Jul 24, 2020

NGPF Podcast: Author Eric Tyson shares strategies to help families figure out the college finance puzzle


Thanks to Eric Tyson for returning to the NGPF podcast to discuss his new book, Paying for College for Dummies. You might remember Eric from an earlier podcast episode where our focus was on personal finance and investing. He has taken on this new challenge of explaining how the college financial aid process works in ways that we can all understand. Now that is an admirable undertaking given its opacity! In this podcast, Eric shares common misconceptions that people have about financial aid, the prevalence of discounting in higher ed and how to think about negotiating for a better package in this age of Covid-19.  
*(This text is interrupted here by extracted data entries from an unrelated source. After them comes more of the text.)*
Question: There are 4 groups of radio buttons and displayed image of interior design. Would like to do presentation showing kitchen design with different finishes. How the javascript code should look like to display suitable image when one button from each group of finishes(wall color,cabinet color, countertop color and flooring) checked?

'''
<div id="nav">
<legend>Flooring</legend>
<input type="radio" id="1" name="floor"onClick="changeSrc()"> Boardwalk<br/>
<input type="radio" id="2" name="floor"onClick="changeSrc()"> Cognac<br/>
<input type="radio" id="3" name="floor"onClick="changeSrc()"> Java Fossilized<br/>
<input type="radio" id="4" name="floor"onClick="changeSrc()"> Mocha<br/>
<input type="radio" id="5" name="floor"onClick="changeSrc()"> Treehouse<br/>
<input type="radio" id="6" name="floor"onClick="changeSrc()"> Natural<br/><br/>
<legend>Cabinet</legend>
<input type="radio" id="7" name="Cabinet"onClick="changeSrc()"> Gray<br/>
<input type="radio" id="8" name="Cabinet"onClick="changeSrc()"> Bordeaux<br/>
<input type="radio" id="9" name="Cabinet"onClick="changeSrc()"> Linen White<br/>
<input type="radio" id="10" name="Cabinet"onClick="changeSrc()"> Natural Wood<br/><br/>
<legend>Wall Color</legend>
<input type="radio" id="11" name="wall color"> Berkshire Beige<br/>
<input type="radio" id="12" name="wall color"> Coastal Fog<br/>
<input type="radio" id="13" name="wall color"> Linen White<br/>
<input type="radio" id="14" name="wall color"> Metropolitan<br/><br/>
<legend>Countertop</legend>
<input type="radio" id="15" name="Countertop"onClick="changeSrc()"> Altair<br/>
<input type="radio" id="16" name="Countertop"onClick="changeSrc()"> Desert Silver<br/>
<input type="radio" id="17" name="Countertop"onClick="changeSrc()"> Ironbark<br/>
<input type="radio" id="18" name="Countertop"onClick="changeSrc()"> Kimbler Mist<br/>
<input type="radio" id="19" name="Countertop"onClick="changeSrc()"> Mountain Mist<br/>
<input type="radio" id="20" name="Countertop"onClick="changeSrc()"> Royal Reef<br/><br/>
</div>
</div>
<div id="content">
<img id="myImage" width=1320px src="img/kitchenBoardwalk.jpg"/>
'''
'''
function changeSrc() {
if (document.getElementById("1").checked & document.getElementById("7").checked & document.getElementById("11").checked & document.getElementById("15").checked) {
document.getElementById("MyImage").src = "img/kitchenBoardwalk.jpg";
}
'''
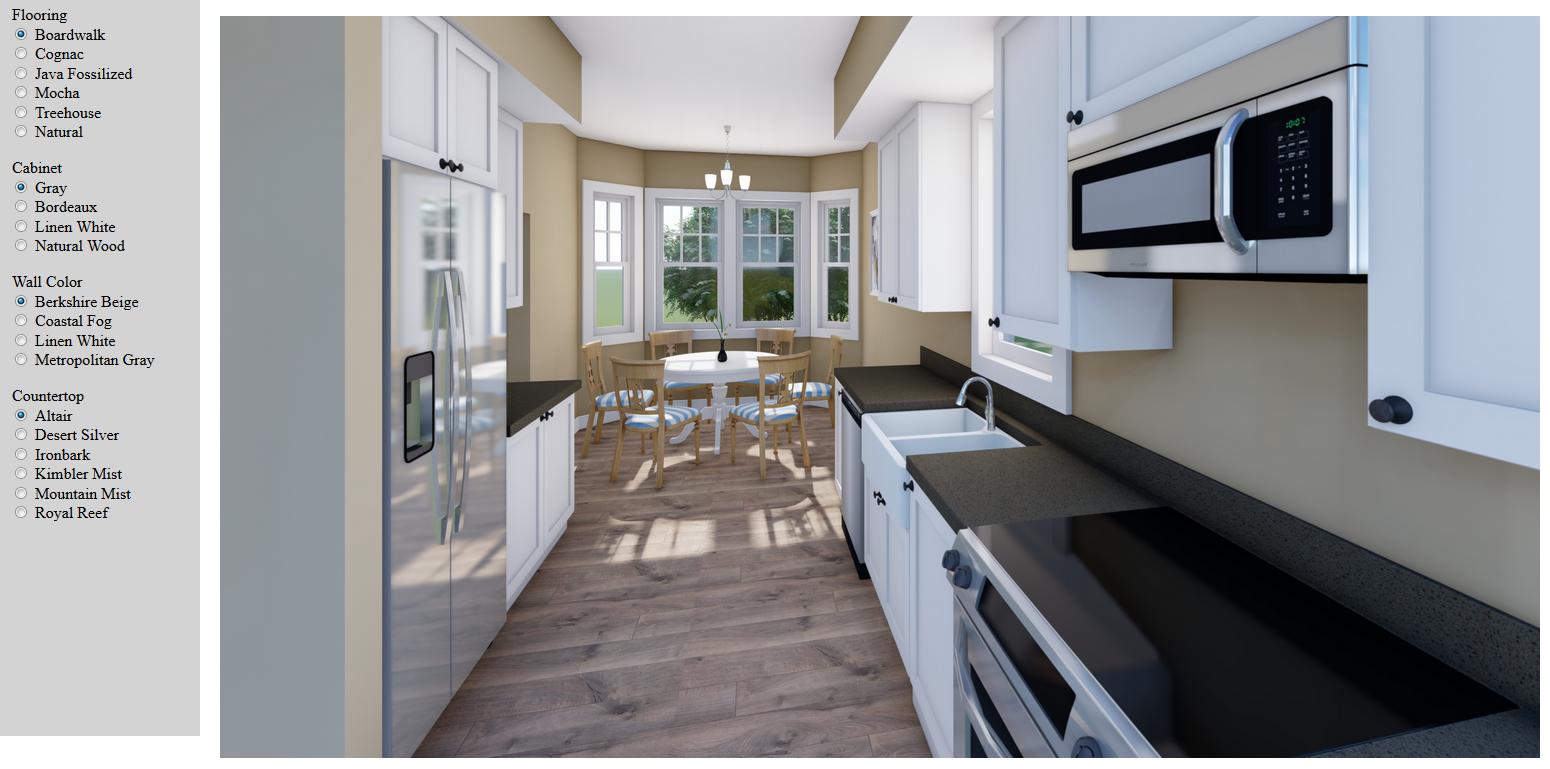
Answer: In such context, is always a good idea to preload the image even before you dynamically assign it to a attribute. Without such, the browser can't update the DOM in real time in such context.
Do this:
'''
var image = new Image();
image.src = 'img/kitchenBoardwalk.jpg';
'''
This should be done before declaration.
In your function, change this line:
> document.getElementById("MyImage").src = "img/kitchenBoardwalk.jpg"
To:
'''
document.getElementById("myImage").src = image.src;
'''
Note that you can add other properties such etc to the object/instance.
Hope this helps someone.

  • 0:00~0:57 Introduction
  • 0:57~3:33 What got Eric to writing Personal Finance For Dummies
  • 3:33~7:47 Fee-only financial advisors and fiduciaries
  • 7:47~9:41 Paying for College For Dummies
  • 9:41~12:24 Alternatives to college
  • 12:24~16:18 Misconceptions people have about paying for college
  • 16:18~16:42 A word from NGPF
  • 16:42~18:18 How the financial aid process penalizes custodial accounts
  • 18:18~19:05 Average discount private colleges offer
  • 19:05~21:49 What will college look like in the fall?
  • 21:49~24:13 Leverage students have to ask for more financial aid
  • 24:13~26:17 Recommended resources
  • 26:17~29:36 What higher education looks like in the future
  • 29:36~30:45 Conclusion



  • “Even with all the articles and books written about the financial aid process, it’s still a very mysterious process and is poorly understood by most people. The good part of the reason for that is because colleges really don’t have any incentive for clearly explaining it to the public.”


About the Author

Tim Ranzetta

Tim's saving habits started at seven when a neighbor with a broken hip gave him a dog walking job. Her recovery, which took almost a year, resulted in Tim getting to know the bank tellers quite well (and accumulating a savings account balance of over $300!). His recent entrepreneurial adventures have included driving a shredding truck, analyzing executive compensation packages for Fortune 500 companies and helping families make better college financing decisions. After volunteering in 2010 to create and teach a personal finance program at Eastside College Prep in East Palo Alto, Tim saw firsthand the impact of an engaging and activity-based curriculum, which inspired him to start a new non-profit, Next Gen Personal Finance.